Auch dieses Gutachten diagnostizierte keine dauernde Unfähigkeit sich selbst den Unterhalt zu verschaffen sondern wurde vielmehr angeregt, dem Patienten (Berufungswerber) eine finanzielle Unterstützung zumindest bis 31. Dezember 2004 zu gewähren. Weiters wurde in diesem Gutachten festgestellt, dass zwei ärztliche Sachverständigengutachten vom 5.6.2003 und 24.7.2003 von Dr. Weiss Ronald vorliegen, die im Prinzip korrekt sind und einen Gesamtgrad der Behinderung von 70 bzw. 80 von 100 festlegen.

Aus diesem Gutachten folgt in rechtlicher Hinsicht, dass die Tatbestandsvoraussetzungen des § 6 Abs. 2 lit d FLAG nicht erfüllt sind.

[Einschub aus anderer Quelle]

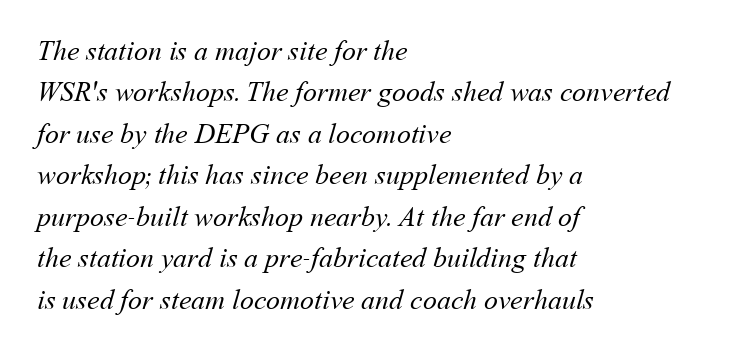
The lines sit at an ordinary, default distance from one another. These lines stack with their left ends in a neat column. Weight: not bold — regular or lighter. Descenders hang freely into open space.

Im Sinne des § 167 Abs. 2 Bundesabgabenordnung (BAO) hat die Abgabenbehörde unter sorgfältiger Berücksichtigung der Ergebnisse des Abgabenverfahrens nach freier Überzeugung zu beurteilen, ob eine Tatsache als erwiesen anzunehmen ist oder nicht. Das Beweisverfahren wird vor allem u.a. beherrscht vom Grundsatz der freien Beweiswürdigung (§ 167). Der Grundsatz der freien Beweiswürdigung bedeutet, dass alle Beweismittel grundsätzlich gleichwertig sind und es keine Beweisregeln (keine gesetzliche Randordnung, keine formalen Regeln) gibt. Ausschlaggebend ist der innere Wahrheitsgehalt der Ergebnisse der Beweisaufnahmen. Nach ständiger Rechtsprechung genügt es, von mehreren Möglichkeiten jene als erwiesen anzunehmen, die gegenüber allen anderen Möglichkeiten eine überragende Wahrscheinlichkeit oder gar die Gewissheit für sich hat und alle anderen Möglichkeiten absolut oder mit Wahrscheinlichkeit ausschließt oder zumindest weniger wahrscheinlich erscheinen lässt (Ritz, BAO-Kommentar, Tz. 2 zu § 166, Tz. 6 und 8 zu § 167 mwN).

Im vorliegenden Fall wird daher in freier Beweiswürdigung festgestellt, dass die Tatbestandsvoraussetzungen des § 6 Abs. 2 Familienlastenausgleichsgesetz 1967 nicht vorliegen.

Es war sohin spruchgemäß zu entscheiden.